Mahkah studied her, face unreadable. At last he nodded. Pulling back on his reins, he slowed his horse to a walk. Yvina matched his stride. “I am going to challenge your brother,” he said. “I am going to fight Aradon in the presence of all our people, and when I am done no one will think of letting Sihkun lead.”
Yvina’s stomach twisted into knots. “You want me to help you kill my own brother?” She reached for the sword in the saddle-scabbard. Mahkah’s hand darted out and seized hers.
“No,” he said, eyes blazing. She nudged her horse away from his and he let her hand go, following closely. “Yvina. I am not going to kill your brother. I don’t need to. All I need to do is impress my people. Then you and your brother may go free.”
“You expect me to believe that?”
“I swear it on my own soul, on my sword, and on the dreams I dream,” Mahkah said.
As Yvina struggled for an answer, a flash of motion on the horizon caught her eye. She turned to look. Mahkah put his hand to his brow. Help me see, brother bear, she said, and she focused like a hawk.
Ten Methlan warriors rode toward them. They were all armed. “You said Sihkun is your brother now and you cannot fight him,” Yvina said. “I don’t think they agree with you.”
Mahkah fumbled with the pouch on his waist. “Are they wearing skin-wards?”
“Skin-wards? You mean the warpaint?” Yvina squinted. “Yes. All of them. Covered in it, like tattoos on a sailor.”
Mahkah held a jar in his hand. He dipped his finger and began to draw dark lines on his own chest. “How many of them?”
“Ten I can see. Their saddles have the same markings as mine.” She hadn’t noticed before that Mahkah’s horse wore a plain saddle, without the fancy colors and designs she’d seen on other Methlan.
“Sihkun’s men for sure, then.”
She pulled her bow free of its scabbard and felt for the arrows. The short bow was different than she was used to, but she knew how to nock an arrow. “We can sting them,” she said.
“Good. They’ll be trying to shoot us too, of course, but if we can unseat a few of them before they get here, we’ll find it easier.” Mahkah set aside the paint, found his own bow, and st
ared at the enemy. “I know three of their faces,” he said. “Do not hesitate. They will show no mercy. If they overwhelm us, slice your throat before they can take you.”
She nodded, unable to speak. Are you ready? she asked the bear.
Always, came the reply. If today we die, we will die well.
“Yvina,” Mahkah said. She started. It was the first time he hadn’t called her lady. “If today I die, I will die in good company.”

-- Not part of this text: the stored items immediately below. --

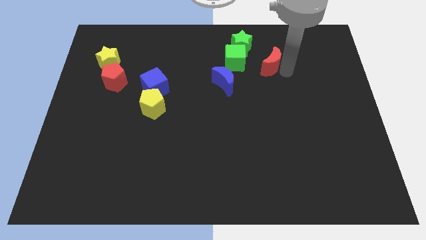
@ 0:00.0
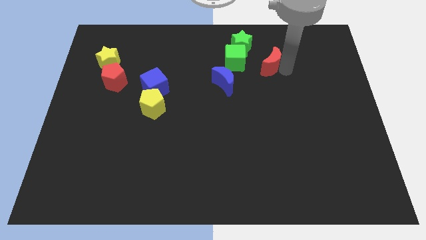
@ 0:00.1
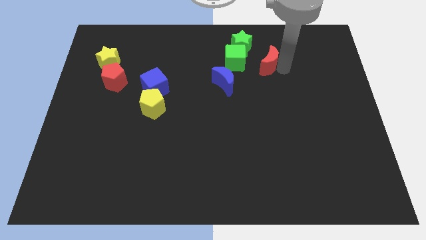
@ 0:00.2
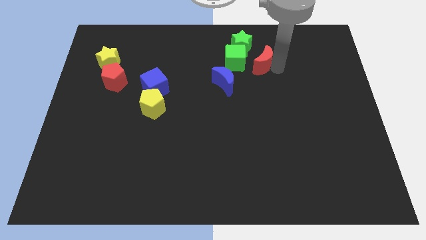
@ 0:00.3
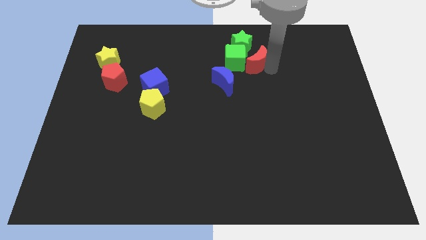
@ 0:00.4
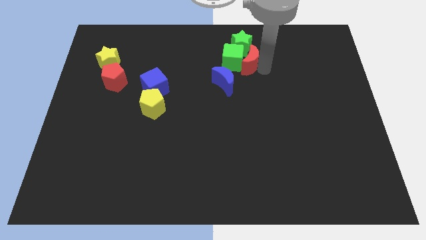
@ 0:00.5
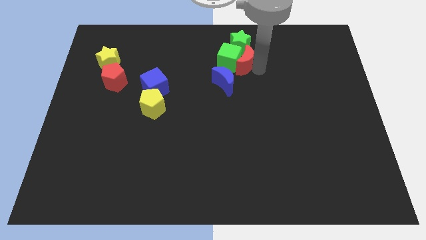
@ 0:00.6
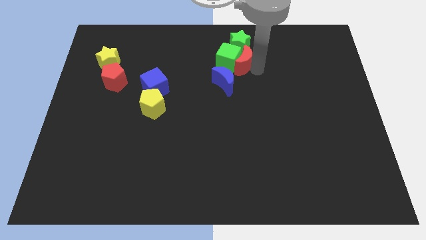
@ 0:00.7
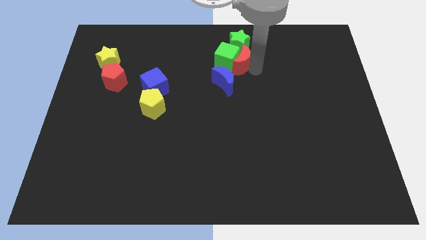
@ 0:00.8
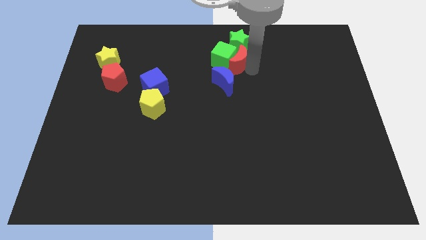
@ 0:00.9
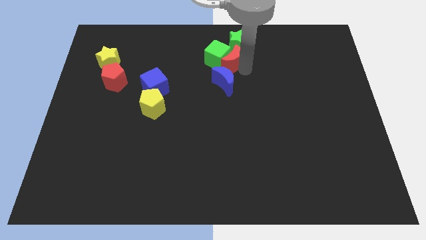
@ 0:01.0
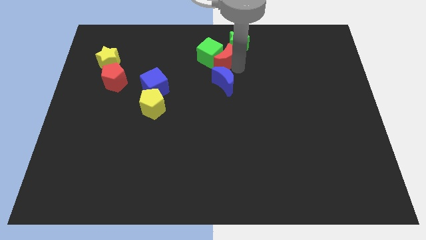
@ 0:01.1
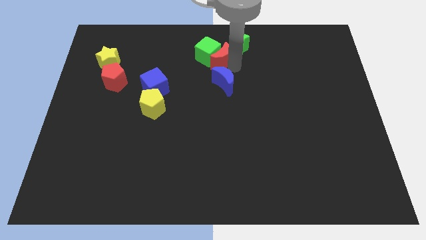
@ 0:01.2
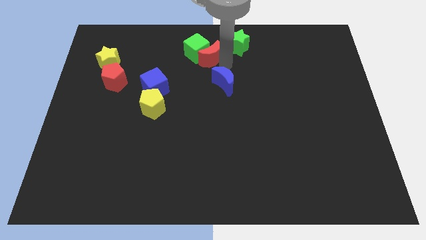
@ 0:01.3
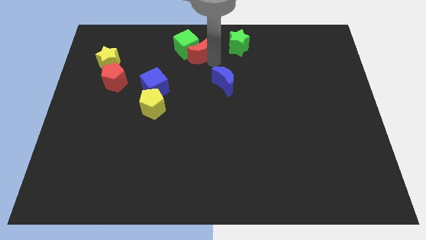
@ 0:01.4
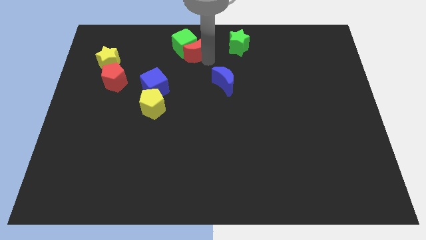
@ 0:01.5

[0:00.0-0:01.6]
put the green cube and red crescent left to the green star

She laughed. “That’s what my bear said.” She set an arrow to the string. The riders were three hundred yards away and closing fast. She drew the string back to her ear and let fly. The string twanged, stinging her fingers. She didn’t waste time watching the arrow. Nocking another, she fired again. Beside her, Mahkah sent a stream of arrows so close together it sounded like a hive of bees.

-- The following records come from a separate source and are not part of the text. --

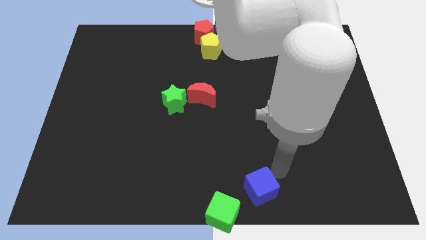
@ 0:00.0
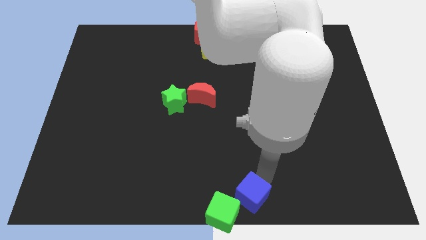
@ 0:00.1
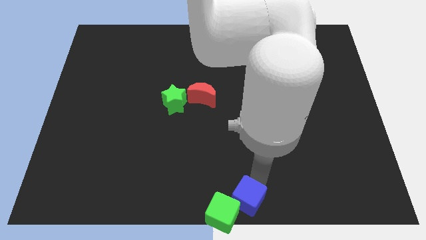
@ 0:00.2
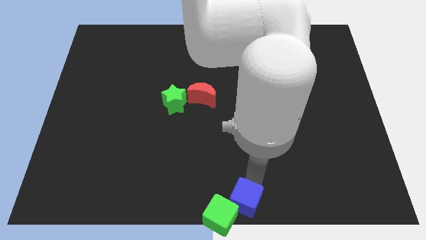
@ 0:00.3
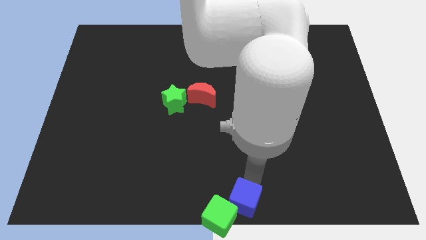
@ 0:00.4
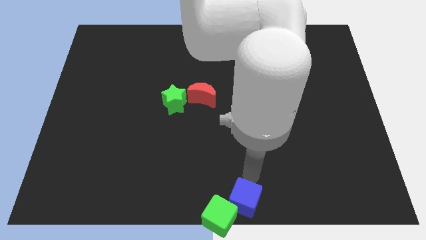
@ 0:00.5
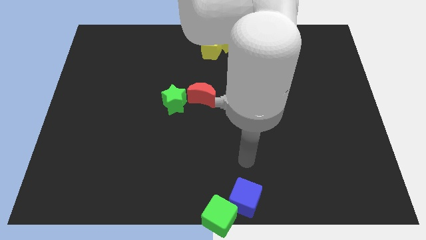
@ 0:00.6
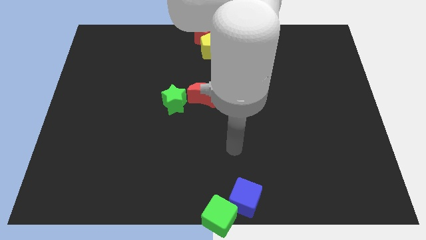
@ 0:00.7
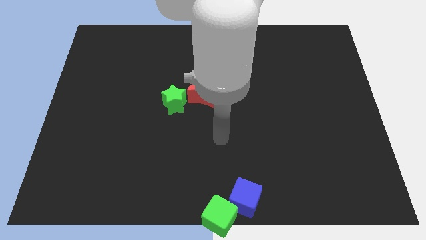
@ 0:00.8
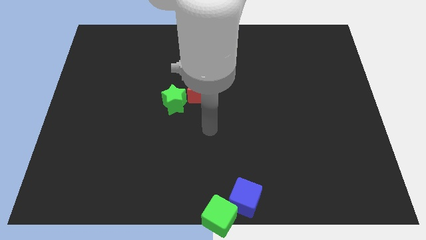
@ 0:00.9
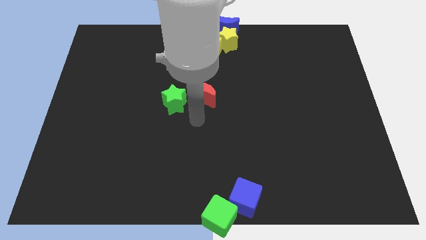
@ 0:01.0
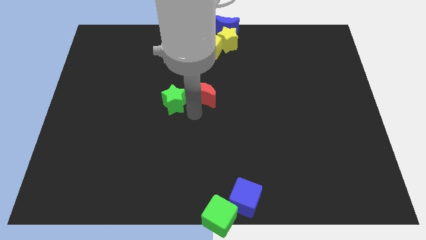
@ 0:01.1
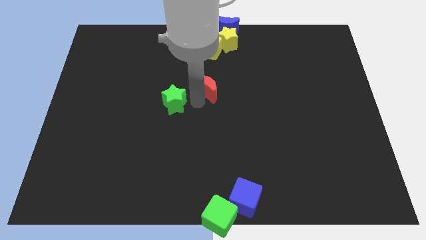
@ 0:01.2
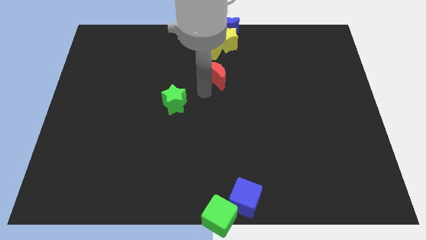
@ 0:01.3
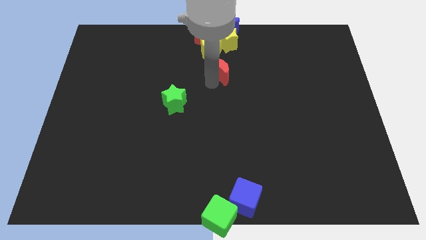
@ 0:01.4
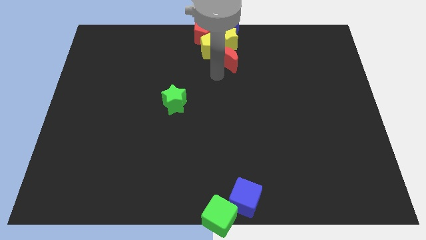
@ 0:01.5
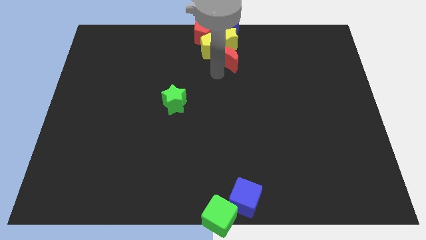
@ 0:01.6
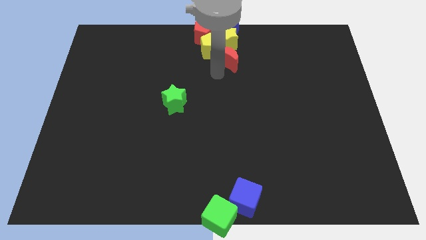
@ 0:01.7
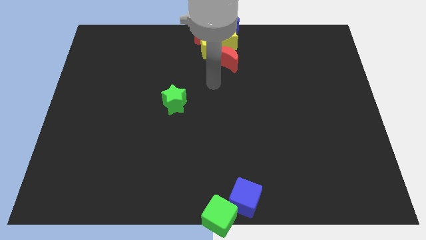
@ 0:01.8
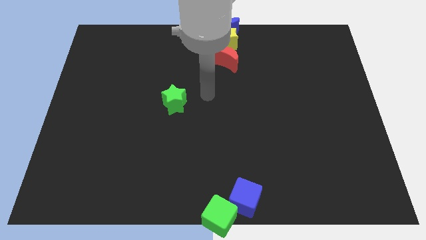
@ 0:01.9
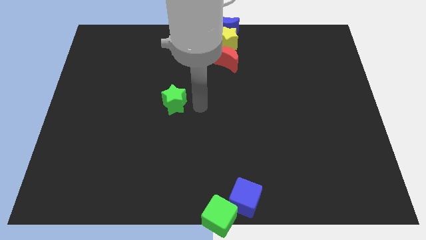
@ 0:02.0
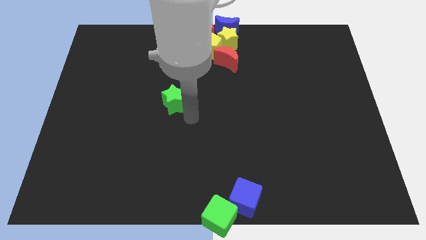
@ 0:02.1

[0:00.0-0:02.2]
separate the red moon from the green star

Some of their arrows found marks. Three enemies toppled from their saddles, and a horse reared up, screaming in pain. An arrow whipped past Yvina’s head, taking a strand of hair with it. She swallowed hard, fired off one last arrow, then dropped her bow into its scabbard and drew her sword.
The enemy was on them. A man galloped right at her, his sword high. Yvina ducked his swing, leaned forward, and put her sword in his ribs. He gaped at her even as his horse carried him past. She hung onto her hilt grimly and the blade ripped free, trailing blood. She turned in her saddle.

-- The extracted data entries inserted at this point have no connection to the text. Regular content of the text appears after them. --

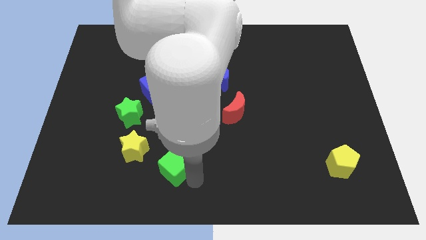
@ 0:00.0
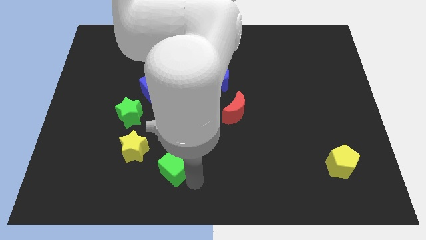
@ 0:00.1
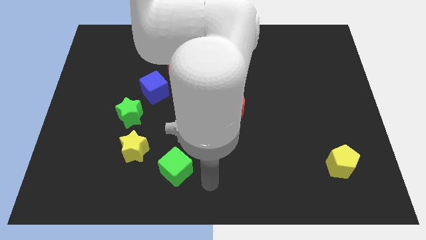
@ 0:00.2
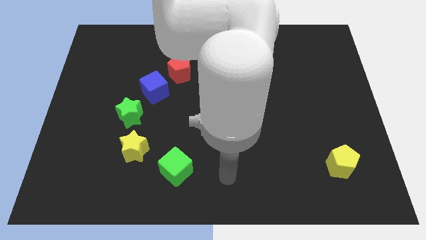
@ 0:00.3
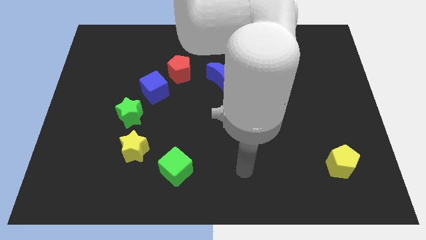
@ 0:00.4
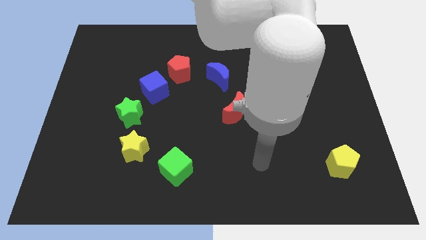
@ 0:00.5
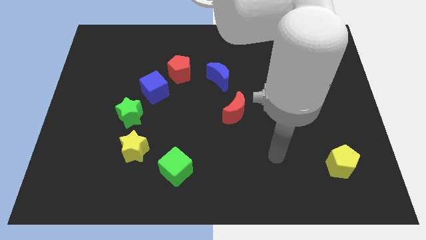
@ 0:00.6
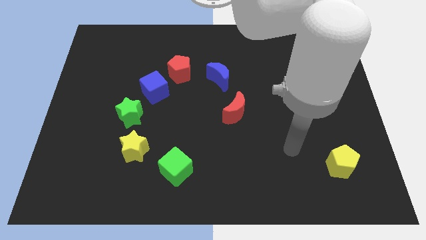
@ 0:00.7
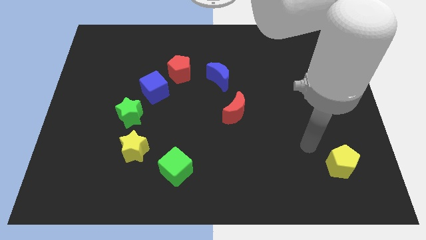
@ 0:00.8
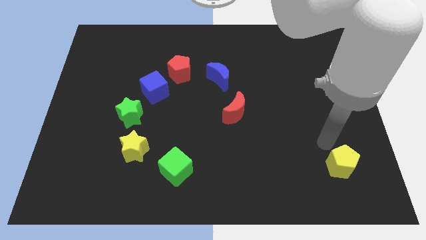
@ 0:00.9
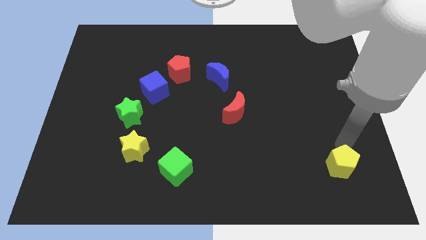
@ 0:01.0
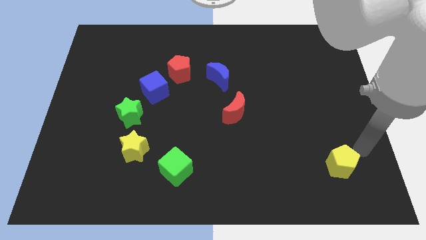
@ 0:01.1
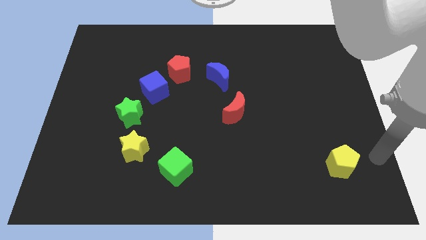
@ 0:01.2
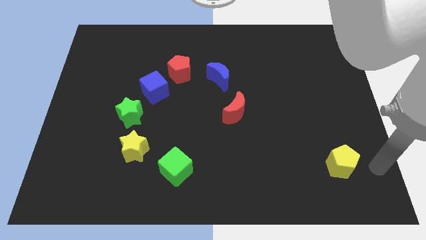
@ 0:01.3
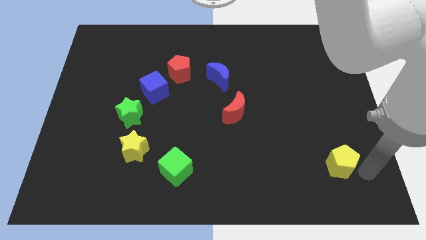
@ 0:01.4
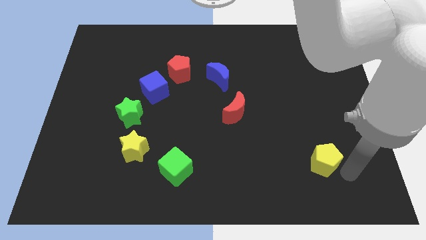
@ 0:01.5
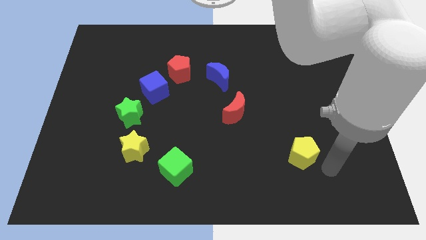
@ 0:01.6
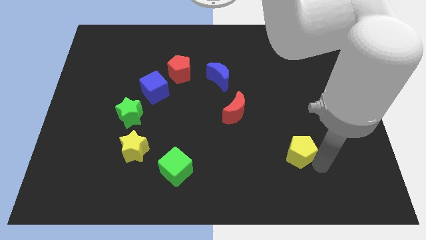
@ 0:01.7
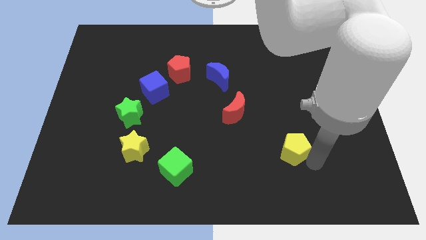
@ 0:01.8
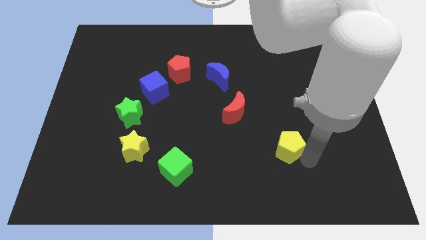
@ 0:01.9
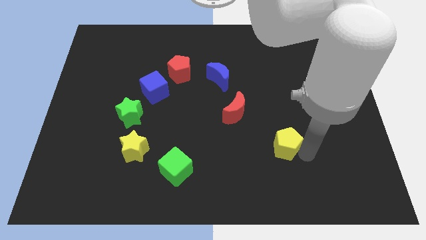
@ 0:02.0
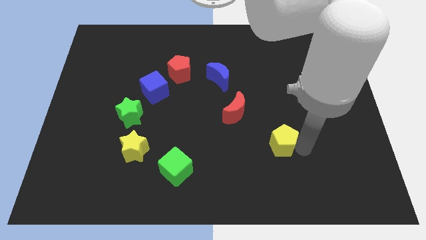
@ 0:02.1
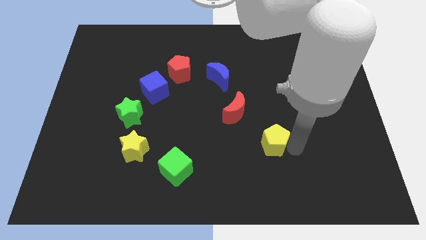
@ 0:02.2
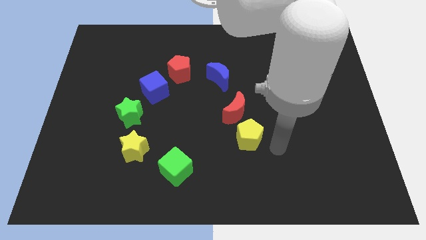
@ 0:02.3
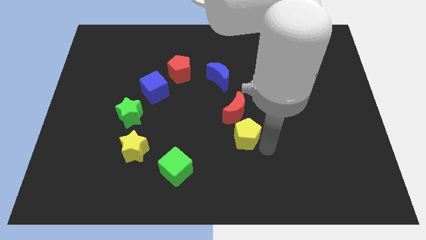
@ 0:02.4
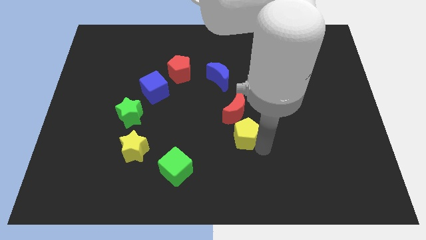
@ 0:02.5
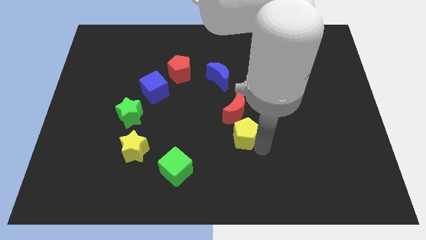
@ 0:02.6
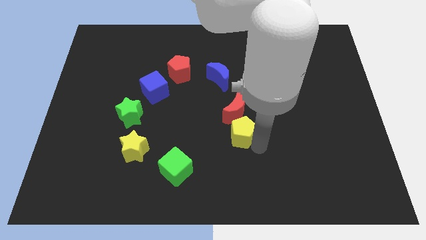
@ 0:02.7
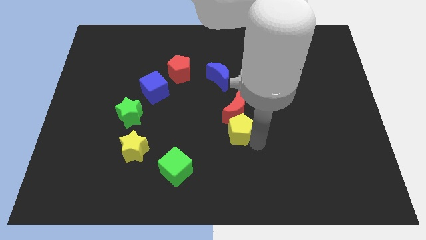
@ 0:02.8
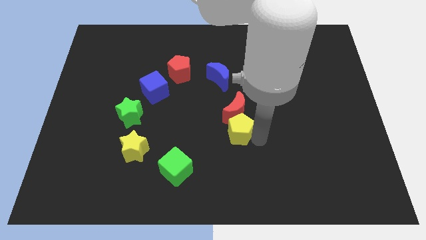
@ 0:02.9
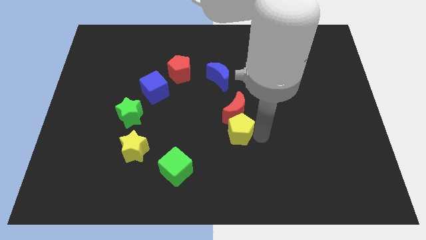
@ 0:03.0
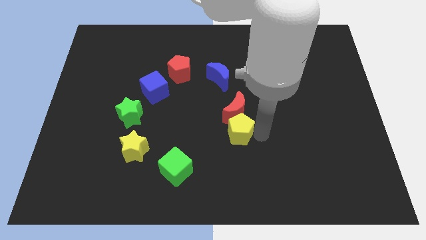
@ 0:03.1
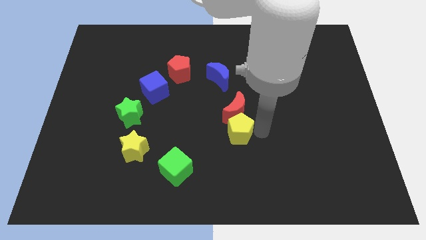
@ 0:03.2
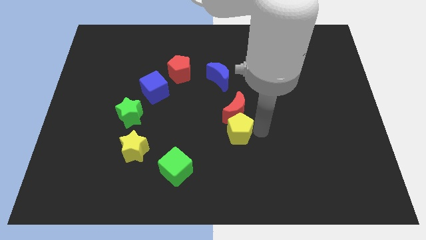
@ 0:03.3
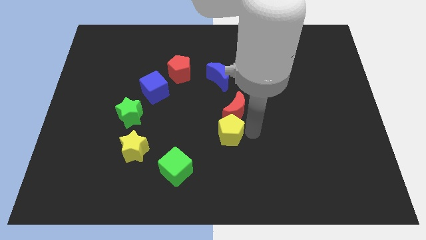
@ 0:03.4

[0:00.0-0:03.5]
move the yellow pentagon to the bottom of the red moon

Mahkah held a sword in each hand. He guided his horse with his knees and Yvina wished she could watch him, because the flashes she saw were brilliant. He was music in muscle. He cut and swung, every blow perfect and purposeful. Pay attention to the men you want to kill, not the one you want to ride, her bear snarled, and she turned back.
They were down to four enemies. Three surrounded Mahkah, riding in circles around him, while the fourth hung back. He was pulling a bow out of his saddle-scabbard, Yvina realized. She kicked her horse and galloped forward, shouting. The man looked up in surprise just as she swung. His head flew off his shoulders and bounced three times before rolling to rest in a scraggly bush. She turned back.